Actually no breakage, especially with NOPROTO, and without NOPROTO there
is only a minor problem with zero-extension.  It takes a 64-bit type to
break things.

>>> -514	AUE_CAP_NEW	NOPROTO	{ int cap_new(int fd, u_int64_t rights); }
>>> +514	AUE_CAP_NEW	NOPROTO	{ int cap_new(int fd, uint64_t rights); }
>>
>> Broken, assuming that all the other spittings into 2 uint32_t's are needed.
>> ..
> Yes, this is broken.
> I added Robert and Jonathan to Cc:.

We only found this 64-bit type for freebsd32.

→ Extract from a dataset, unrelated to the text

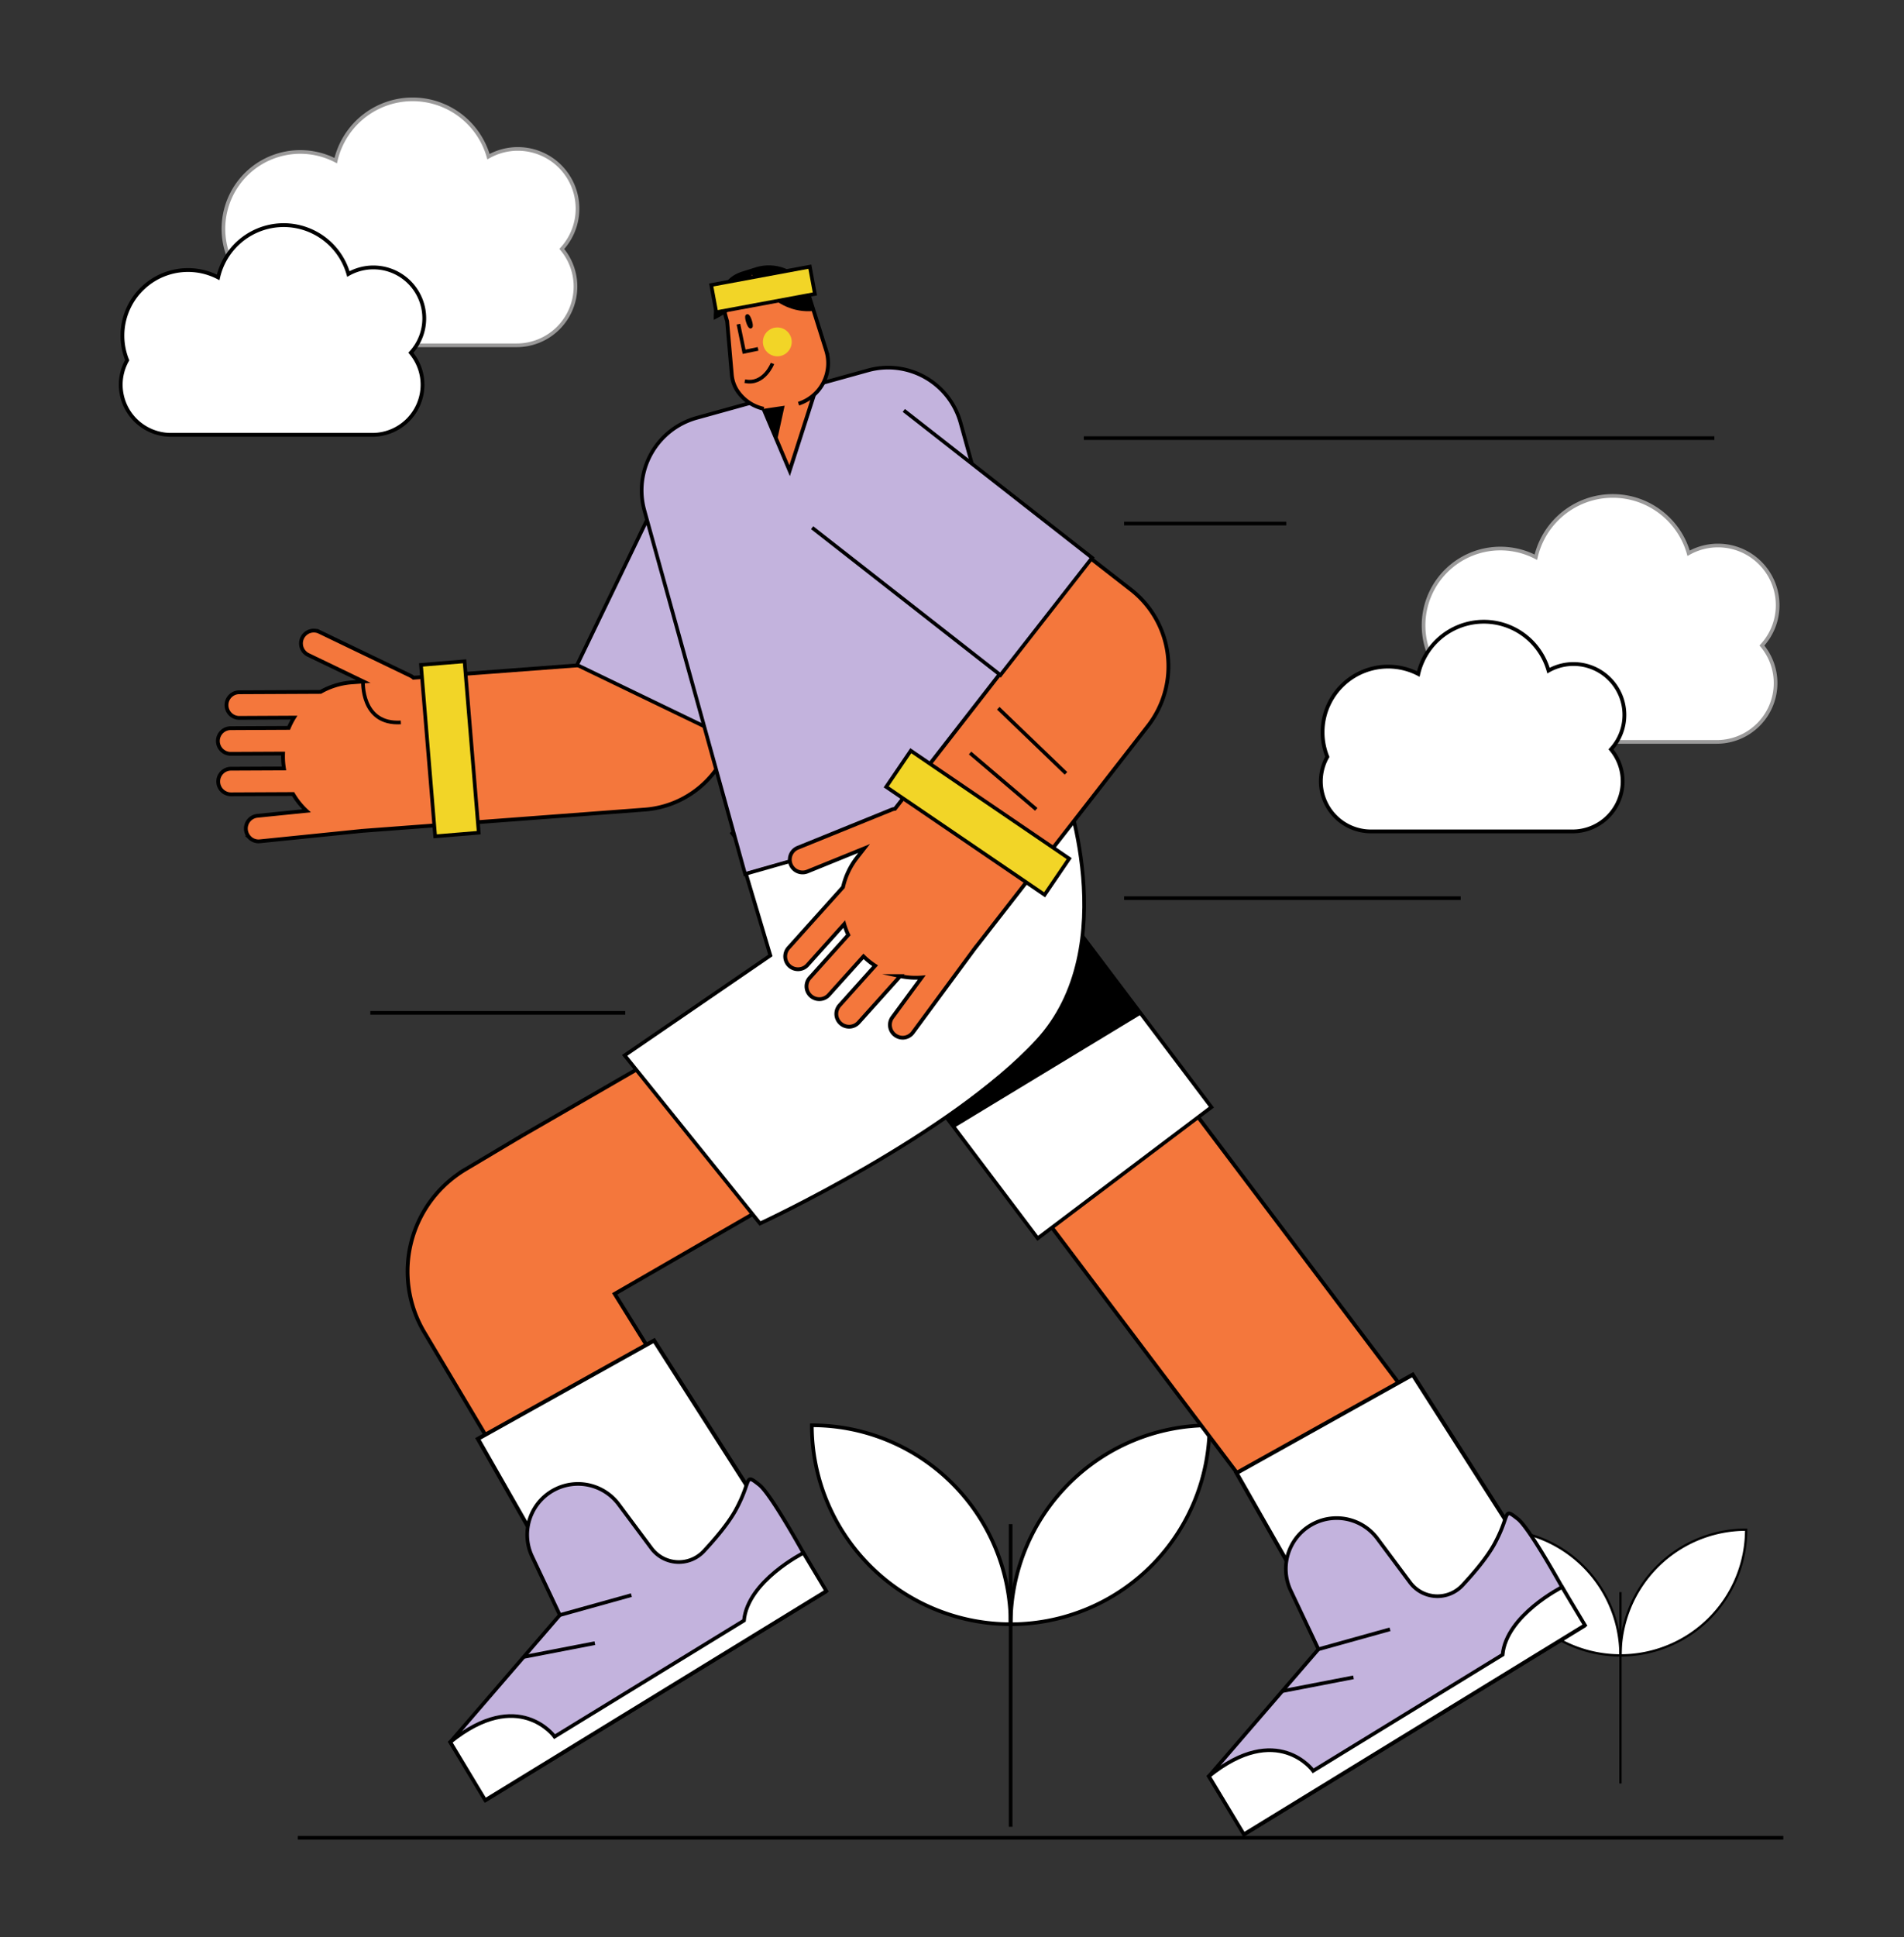 <svg id="Capa_1" data-name="Capa 1" xmlns="http://www.w3.org/2000/svg" viewBox="0 0 1561.11 1587.4"><rect x="0" y="0" width="1561.11" height="1587.4" fill="#333333" stroke="none"/><title>Mesa de trabajo 9</title><path d="M1225.59,1253.53h0a103.05,103.05,0,0,1,103.05,103.05v0a0,0,0,0,1,0,0h0a103.05,103.05,0,0,1-103.05-103.05v0A0,0,0,0,1,1225.59,1253.53Z" fill="#fff" stroke="#000" stroke-miterlimit="10" stroke-width="1.9"/><path d="M1328.64,1253.53h0a103.05,103.05,0,0,1,103.05,103.05v0a0,0,0,0,1,0,0h0a103.05,103.05,0,0,1-103.05-103.05v0A0,0,0,0,1,1328.64,1253.53Z" transform="translate(2685.23 -75.11) rotate(90)" fill="#fff" stroke="#000" stroke-miterlimit="10" stroke-width="1.9"/><line x1="1328.64" y1="1304.74" x2="1328.64" y2="1461.53" fill="none" stroke="#000" stroke-miterlimit="10" stroke-width="1.9"/><path d="M665.64,1168h0a163,163,0,0,1,163,163v0a0,0,0,0,1,0,0h0a163,163,0,0,1-163-163v0A0,0,0,0,1,665.64,1168Z" fill="#fff" stroke="#000" stroke-miterlimit="10" stroke-width="3"/><path d="M828.64,1168h0a163,163,0,0,1,163,163v0a0,0,0,0,1,0,0h0a163,163,0,0,1-163-163v0A0,0,0,0,1,828.64,1168Z" transform="translate(2159.68 339.39) rotate(90)" fill="#fff" stroke="#000" stroke-miterlimit="10" stroke-width="3"/><line x1="828.64" y1="1249.03" x2="828.64" y2="1497.03" fill="none" stroke="#000" stroke-miterlimit="10" stroke-width="3"/><path d="M1457.51,496a48.92,48.92,0,0,0-73-42.62,64.68,64.68,0,0,0-125.25,3.25,63,63,0,0,0-87.44,79.6,47.64,47.64,0,0,0-6.26,23.64h0a48.24,48.24,0,0,0,48.1,48.11h194.06a48.24,48.24,0,0,0,48.1-48.11h0A47.88,47.88,0,0,0,1444.63,529,48.75,48.75,0,0,0,1457.51,496Z" fill="#fff" stroke="#9b9a9a" stroke-miterlimit="10" stroke-width="3"/><path d="M1331.86,585.88a41.71,41.71,0,0,0-62.22-36.34,55.14,55.14,0,0,0-106.78,2.77,53.75,53.75,0,0,0-74.56,67.87,40.68,40.68,0,0,0-5.33,20.16h0a41.12,41.12,0,0,0,41,41h165.46a41.13,41.13,0,0,0,41-41h0a40.84,40.84,0,0,0-9.57-26.26A41.52,41.52,0,0,0,1331.86,585.88Z" fill="#fff" stroke="#000" stroke-miterlimit="10" stroke-width="3.12"/><path d="M806.9,885.39,731.79,755.3,428.86,930.2c-.61.35-1.2.73-1.8,1.09l0-.07-45.32,27a97.45,97.45,0,0,0-33.82,133.61l159.73,268c34.43,57.76,37.27-2.39,95-36.82l41-38L504,1060.3Z" fill="#f4773c" stroke="#000" stroke-miterlimit="10" stroke-width="3.12"/><path d="M901.08,688.22h39.35a110.86,110.86,0,0,1,110.86,110.86v576.6a0,0,0,0,1,0,0H901.08a0,0,0,0,1,0,0V688.22A0,0,0,0,1,901.08,688.22Z" transform="translate(-424.64 796.25) rotate(-37.04)" fill="#f4773c" stroke="#000" stroke-miterlimit="10" stroke-width="3.12"/><path d="M707.62,587.23h86.19a92.25,92.25,0,0,1,92.25,92.25V1003a0,0,0,0,1,0,0H707.62a0,0,0,0,1,0,0V587.23A0,0,0,0,1,707.62,587.23Z" transform="translate(-318.18 640.43) rotate(-37.04)" fill="#fff" stroke="#000" stroke-miterlimit="10" stroke-width="3"/><path d="M204.66,686.48a10.47,10.47,0,0,0,8.42,2.95l82.56-8.4a5.88,5.88,0,0,0,.75-.11c.41,0,.83,0,1.24-.08l231-17.39A79.54,79.54,0,0,0,602,578.15l-3.19-42.32L339,555.39a10.52,10.52,0,0,0-2.38-1.59l-74.79-36a10.5,10.5,0,0,0-9.1,18.93l45.19,21.75-9.47.71a60.67,60.67,0,0,0-25.59,7.8l-66.7.31a10.5,10.5,0,1,0,.1,21l44.8-.22a59.62,59.62,0,0,0-4.31,8.42l-47.66.24a10.5,10.5,0,1,0,.1,21l42.9-.2a64.12,64.12,0,0,0,.13,7.06c.14,1.74.34,3.45.61,5.13l-43.45.2a10.5,10.5,0,1,0,.1,21l50.82-.24a60.7,60.7,0,0,0,11,13.76L211,668.54a10.51,10.51,0,0,0-6.29,17.94Z" fill="#f4773c" stroke="#000" stroke-miterlimit="10" stroke-width="3.12"/><polyline points="558.31 368.39 473.13 544.91 583 597.93 668.18 421.41" fill="#c3b3dd" stroke="#000" stroke-miterlimit="10" stroke-width="3"/><path d="M556.56,316.18h269a0,0,0,0,1,0,0V625.54a61.64,61.64,0,0,1-61.64,61.64H618.2a61.64,61.64,0,0,1-61.64-61.64V316.18A0,0,0,0,1,556.56,316.18Z" transform="translate(1490.98 800.62) rotate(164.51)" fill="#c3b3dd" stroke="#000" stroke-miterlimit="10" stroke-width="3"/><polygon points="625.36 333.55 647.42 385.7 677.08 293.52 625.36 333.55" fill="#f4773c" stroke="#000" stroke-miterlimit="10" stroke-width="3.12"/><polygon points="647.61 312.77 637.17 360.76 624.91 330.93 647.61 312.77"/><path d="M654.73,330.81a34.84,34.84,0,0,0,22.67-43.58l-13.87-44A34.84,34.84,0,0,0,620,220.61L609.18,224c-18.22,5.75-18.78,21-13,39.22L600,307a28.44,28.44,0,0,0,4.32,12.9A35,35,0,0,0,626.24,335" fill="#f4773c" stroke="#000" stroke-miterlimit="10" stroke-width="3.12"/><ellipse cx="616.6" cy="263.66" rx="0.98" ry="4.6" transform="matrix(0.95, -0.3, 0.3, 0.95, -50.77, 197.82)" fill="#fff" stroke="#000" stroke-miterlimit="10" stroke-width="3"/><polyline points="605.44 265.66 610.1 288.26 621.55 285.9" fill="none" stroke="#000" stroke-miterlimit="10" stroke-width="3"/><path d="M615.07,222.83s18.06,35.39,52.1,32l-5.53-16.28S646.84,210.05,615.07,222.83Z"/><path d="M585.26,262.13S620.35,246,616,222.54c0,0-11.69,3-13.11,4.14S584.1,237.3,585.26,262.13Z"/><circle cx="637.33" cy="280.17" r="11.82" fill="#f2d527"/><path d="M633.36,297.86s-6.93,17.91-22.69,14.49" fill="none" stroke="#000" stroke-miterlimit="10" stroke-width="3"/><rect x="584.53" y="225.84" width="82.23" height="22.71" transform="translate(-32.79 118.22) rotate(-10.52)" fill="#f2d527" stroke="#000" stroke-miterlimit="10" stroke-width="3"/><rect x="298.41" y="595.77" width="140.95" height="35.85" transform="translate(-212.34 1031.87) rotate(-94.73)" fill="#f2d527" stroke="#000" stroke-miterlimit="10" stroke-width="3"/><path d="M611.64,716l20,67L512.16,864.86l111,137.77s155.6-72,227.3-149.51S871.64,642,871.64,642Z" fill="#fff" stroke="#000" stroke-miterlimit="10" stroke-width="3"/><path d="M740.62,850.38a10.44,10.44,0,0,0,7.83-4.25l49.24-66.8a6.51,6.51,0,0,0,.43-.64c.26-.31.52-.64.77-1L941.21,594.89a79.53,79.53,0,0,0-13.92-111.63L893.8,457.2l-160,205.61a10.23,10.23,0,0,0-2.78.7l-76.9,31.21a10.5,10.5,0,0,0,7.9,19.46l46.47-18.87-5.83,7.49A60.82,60.82,0,0,0,691.19,727l-44.57,49.63a10.49,10.49,0,1,0,15.62,14l29.94-33.33a58.68,58.68,0,0,0,3.34,8.85l-31.85,35.46a10.5,10.5,0,0,0,15.63,14L708,783.74a60.85,60.85,0,0,0,5.32,4.65q2.06,1.61,4.2,3l-29,32.33a10.49,10.49,0,1,0,15.62,14l34-37.81a60.67,60.67,0,0,0,17.56,1.14l-24,32.61a10.51,10.51,0,0,0,9.07,16.71Z" fill="#f4773c" stroke="#000" stroke-miterlimit="10" stroke-width="3.12"/><line x1="818.5" y1="580.39" x2="874.01" y2="633.75" fill="none" stroke="#000" stroke-miterlimit="10" stroke-width="3"/><line x1="795.36" y1="617.08" x2="849.65" y2="663.26" fill="none" stroke="#000" stroke-miterlimit="10" stroke-width="3"/><polyline points="665.89 432.44 820.27 553.2 895.44 457.11 741.06 336.34" fill="#c3b3dd" stroke="#000" stroke-miterlimit="10" stroke-width="3"/><rect x="723" y="656.32" width="157.13" height="35.85" transform="translate(1084.72 1682.68) rotate(-145.75)" fill="#f2d527" stroke="#000" stroke-miterlimit="10" stroke-width="3"/><line x1="244.14" y1="1506.03" x2="1462.14" y2="1506.03" fill="#fff" stroke="#000" stroke-miterlimit="10" stroke-width="3"/><polygon points="391.83 1179.12 536.3 1098.53 643.33 1266.02 496.89 1363.28 391.83 1179.12" fill="#fff" stroke="#000" stroke-miterlimit="10" stroke-width="3.28"/><line x1="888.64" y1="359.03" x2="1405.64" y2="359.03" fill="none" stroke="#000" stroke-miterlimit="10" stroke-width="3"/><line x1="921.64" y1="429.03" x2="1054.64" y2="429.03" fill="none" stroke="#000" stroke-miterlimit="10" stroke-width="3"/><line x1="303.64" y1="830.03" x2="512.64" y2="830.03" fill="none" stroke="#000" stroke-miterlimit="10" stroke-width="3"/><line x1="921.64" y1="736.03" x2="1197.64" y2="736.03" fill="none" stroke="#000" stroke-miterlimit="10" stroke-width="3"/><path d="M473.51,171a48.92,48.92,0,0,0-73-42.62,64.68,64.68,0,0,0-125.25,3.25,63,63,0,0,0-87.44,79.6,47.64,47.64,0,0,0-6.26,23.64h0a48.24,48.24,0,0,0,48.1,48.11H423.75a48.24,48.24,0,0,0,48.1-48.11h0A47.88,47.88,0,0,0,460.63,204,48.75,48.75,0,0,0,473.51,171Z" fill="#fff" stroke="#9b9a9a" stroke-miterlimit="10" stroke-width="3"/><path d="M347.86,260.88a41.71,41.71,0,0,0-62.22-36.34,55.14,55.14,0,0,0-106.78,2.77,53.75,53.75,0,0,0-74.56,67.87A40.68,40.68,0,0,0,99,315.34h0a41.12,41.12,0,0,0,41,41H305.44a41.13,41.13,0,0,0,41-41h0a40.84,40.84,0,0,0-9.57-26.26A41.52,41.52,0,0,0,347.86,260.88Z" fill="#fff" stroke="#000" stroke-miterlimit="10" stroke-width="3.12"/><path d="M775.83,915.42s58.7-46,65-52.43,43.93-41.34,46.62-95.9l48.37,64.11L782.42,924.15Z"/><path d="M297.64,558s-2,36,31,34" fill="none" stroke="#000" stroke-miterlimit="10" stroke-width="3"/><path d="M676.39,1304.75,398.31,1475.16l-29.14-47.55L459,1323.5l-22.72-48a41.63,41.63,0,0,1,20.38-55.71h0a41.64,41.64,0,0,1,50.62,13l26.83,36a28,28,0,0,0,42.88,2.44c9.89-10.59,20.45-23.17,26.38-34.07,13.31-24.51,6.56-30.19,19.09-20.42S676.39,1304.75,676.39,1304.75Z" fill="#c3b3dd" stroke="#000" stroke-miterlimit="10" stroke-width="3"/><path d="M369.17,1427.61c56.15-45.3,85.54-4.46,85.54-4.46L610,1328c3-32.38,48.78-55.41,48.78-55.41l18.73,31.24L397.83,1475.21Z" fill="#fff" stroke="#000" stroke-miterlimit="10" stroke-width="3"/><line x1="459.03" y1="1323.5" x2="517.68" y2="1307.18" fill="none" stroke="#000" stroke-miterlimit="10" stroke-width="3"/><line x1="429.87" y1="1357.72" x2="487.72" y2="1346.55" fill="none" stroke="#000" stroke-miterlimit="10" stroke-width="3"/><polygon points="1013.83 1207.12 1158.3 1126.53 1265.33 1294.02 1118.89 1391.28 1013.83 1207.12" fill="#fff" stroke="#000" stroke-miterlimit="10" stroke-width="3.28"/><path d="M1298.39,1332.75l-278.08,170.41-29.14-47.55L1081,1351.5l-22.72-48a41.63,41.63,0,0,1,20.38-55.71h0a41.64,41.64,0,0,1,50.62,13l26.83,36a28,28,0,0,0,42.88,2.44c9.89-10.59,20.45-23.17,26.38-34.07,13.31-24.51,6.56-30.19,19.09-20.42S1298.39,1332.75,1298.39,1332.75Z" fill="#c3b3dd" stroke="#000" stroke-miterlimit="10" stroke-width="3"/><path d="M991.17,1455.61c56.15-45.3,85.54-4.46,85.54-4.46L1232,1356c3-32.38,48.78-55.41,48.78-55.41l18.73,31.24-279.67,171.38Z" fill="#fff" stroke="#000" stroke-miterlimit="10" stroke-width="3"/><line x1="1081.03" y1="1351.5" x2="1139.68" y2="1335.18" fill="none" stroke="#000" stroke-miterlimit="10" stroke-width="3"/><line x1="1051.87" y1="1385.72" x2="1109.72" y2="1374.55" fill="none" stroke="#000" stroke-miterlimit="10" stroke-width="3"/></svg>

>> These bugs are easiest to fix in the Linux syscall.master's since the
>> bugs are mostly already avoided using l_foo_t.  In amd64/linux32/
>> syscalls.master, I only noticed the following ones:
>> ...
>> % 193	AUE_TRUNCATE	STD	{ int linux_truncate64(char *path, \
>> % 				    l_loff_t length); }
>> % 194	AUE_FTRUNCATE	STD	{ int linux_ftruncate64(l_uint fd, \
>> % 				    l_loff_t length); }
>>
>> How can this work?  I was going to say that the splitting up of the 64-bit
>> args in compat/freebsd32/syscalls.master was unnecessary because it is
>> apparently not needed here.  Then I misread this as doing the splitting.
>> But it doesn't.  Similarly later in this file.

I'm now surer that loff_t cannot work.  It gets passed as 2 32-bit registers.
These get interpreted as 64-bit registers and copied to 2 64-bit args.
But the above only describes 1 64-bit args.

However, x86 is little-endian, so many values will work by ignoring the
second register.  All values below 2G will work provided the top bits are
either sign-extended or zero-extended.  All values between 2G and 4G
will work provided the top bits are zero-extended.

Negative loff_t's are common for linux_llseek() but not for linux_ltruncate().
And linux_llseek() doesn't have this bug since it is inmplemented almost
correctly bt splitting the arg into "l_ulong ohigh, l_ulong olow" (is this
big-endian order really correct?!).  linux_llseek() claims to retun int
instead of the 64-bit offset, and that is correct since the offset is
returned indirectly.  But linux_lseek() also claims to return int instead
of l_off_t.  That is bogus but works.

Here is the complete list of syscalls with buggy loff_t's from linux32:

% 180	AUE_PREAD	STD	{ int linux_pread(l_uint fd, char *buf, \
% 				    l_size_t nbyte, l_loff_t offset); }
% 181	AUE_PWRITE	STD	{ int linux_pwrite(l_uint fd, char *buf, \
% 				    l_size_t nbyte, l_loff_t offset); }
% 193	AUE_TRUNCATE	STD	{ int linux_truncate64(char *path, \
% 				    l_loff_t length); }
% 194	AUE_FTRUNCATE	STD	{ int linux_ftruncate64(l_uint fd, \
% 				    l_loff_t length); }

WHen there is only 1 loff_t arg and it is the last one, it won't mess up
the other args.  But what about loff_t apparently being in big-endian
order for linux_llseek().  I guess the order is actually little-endian,
but the order is reversed by allocation of the 2 halves in registers.

% 250	AUE_NULL	STD	{ int linux_fadvise64(int fd, l_loff_t offset, \
% 					l_size_t len, int advice); }
% 272	AUE_NULL	STD	{ int linux_fadvise64_64(int fd, \
% 					l_loff_t offset, l_loff_t len, \
% 					int advice); }

Now the loff_t's are in the middle of the args, and/or there are 2 of them,
so later args are messed up.

I didn't quote the whole thing, but its still a 17K reply, sorry.